Start of AVAILABLE DATA

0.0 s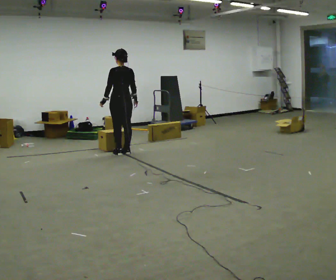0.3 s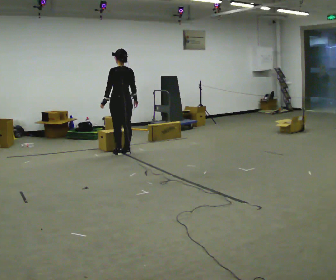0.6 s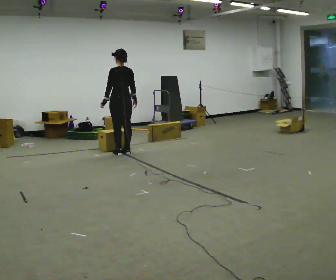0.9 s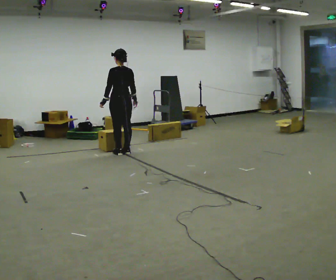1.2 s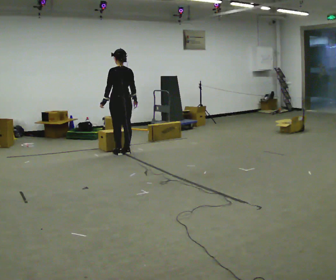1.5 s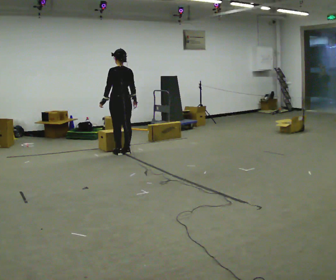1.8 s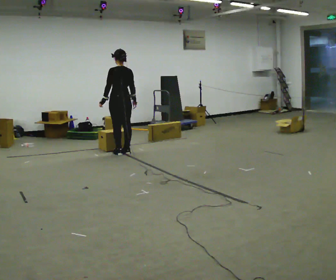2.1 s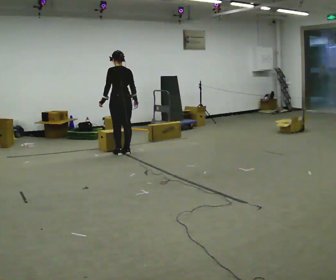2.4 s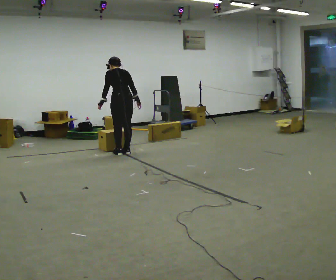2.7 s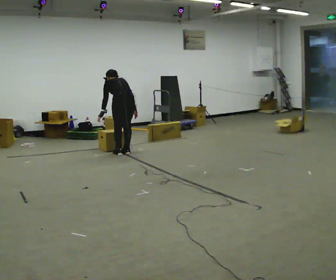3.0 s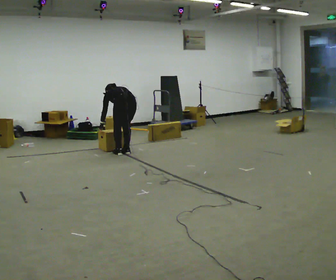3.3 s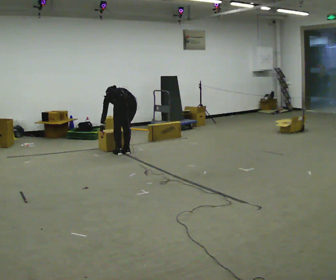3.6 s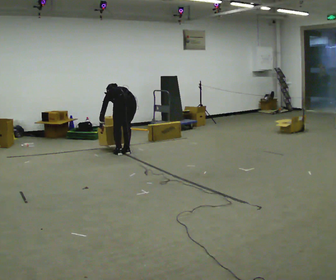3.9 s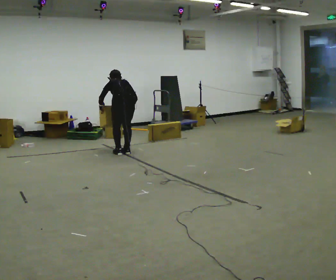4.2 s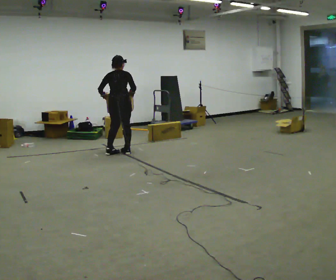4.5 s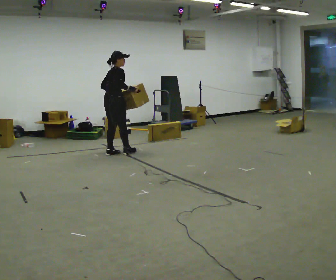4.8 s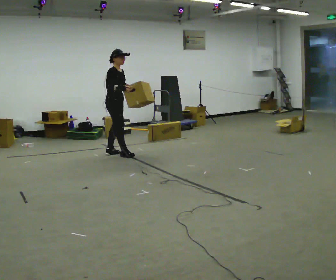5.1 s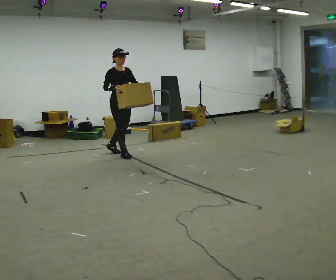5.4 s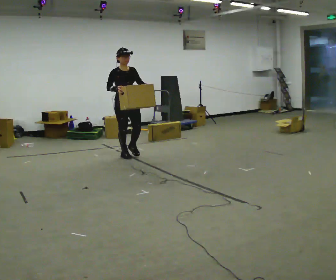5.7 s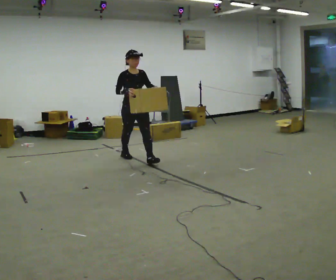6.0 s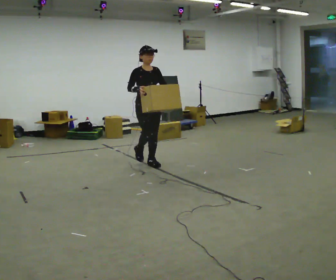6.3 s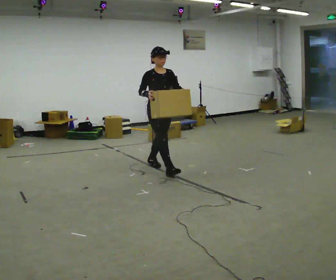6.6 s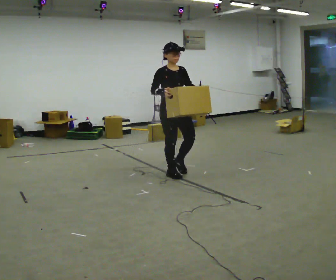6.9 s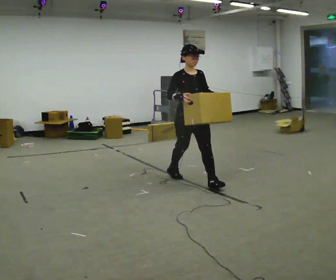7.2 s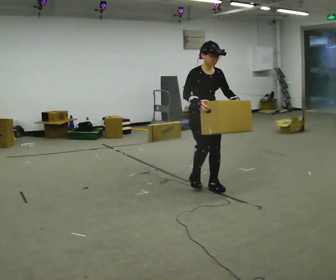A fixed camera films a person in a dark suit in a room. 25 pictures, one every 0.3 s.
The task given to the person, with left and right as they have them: Carry the box across the room as briskly as you comfortably can, back and forth. Do not run.
0.0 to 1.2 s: The person moves a little, or ends about where they began.
1.2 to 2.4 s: The upper body tips away from the camera, its near side rolling upward, as they bend forward.
2.4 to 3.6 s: The upper body goes downward. The upper body tips away from the camera, its near side rolling upward, as they bend forward. In the picture their right hand goes downward.
3.6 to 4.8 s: The part of the body nearest the lens slides to the left as the person turns to their right by about 135 degrees. In the picture they go to the left, about 0.25 m in 1 step. The shoulders move upward. The upper body tips toward the camera, its near side rolling downward, as they lean back or straighten. In the picture their left hand goes upward and to the right.
4.8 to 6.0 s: The person turns about 45 degrees to their right, clockwise seen from above, so the part of the body nearest the lens slides to the left. In the picture they go toward the camera and to the right, about 1 m in 2 steps, which for them is forward.
6.0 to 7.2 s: In the picture they go toward the camera and to the right, about 1 m in 2 steps, which for them is forward.
The film runs forward here.

End of AVAILABLE DATA

### ASSIGNMENT
Produce verbatim the lines starting at the one with "The task given" and ending at the last line of the material, both ends included. Add no other line.

### SOLUTION TO THIS EXERCISE
The task given to the person, with left and right as they have them: Carry the box across the room as briskly as you comfortably can, back and forth. Do not run.
0.0 to 1.2 s: The person moves a little, or ends about where they began.
1.2 to 2.4 s: The upper body tips away from the camera, its near side rolling upward, as they bend forward.
2.4 to 3.6 s: The upper body goes downward. The upper body tips away from the camera, its near side rolling upward, as they bend forward. In the picture their right hand goes downward.
3.6 to 4.8 s: The part of the body nearest the lens slides to the left as the person turns to their right by about 135 degrees. In the picture they go to the left, about 0.25 m in 1 step. The shoulders move upward. The upper body tips toward the camera, its near side rolling downward, as they lean back or straighten. In the picture their left hand goes upward and to the right.
4.8 to 6.0 s: The person turns about 45 degrees to their right, clockwise seen from above, so the part of the body nearest the lens slides to the left. In the picture they go toward the camera and to the right, about 1 m in 2 steps, which for them is forward.
6.0 to 7.2 s: In the picture they go toward the camera and to the right, about 1 m in 2 steps, which for them is forward.
The film runs forward here.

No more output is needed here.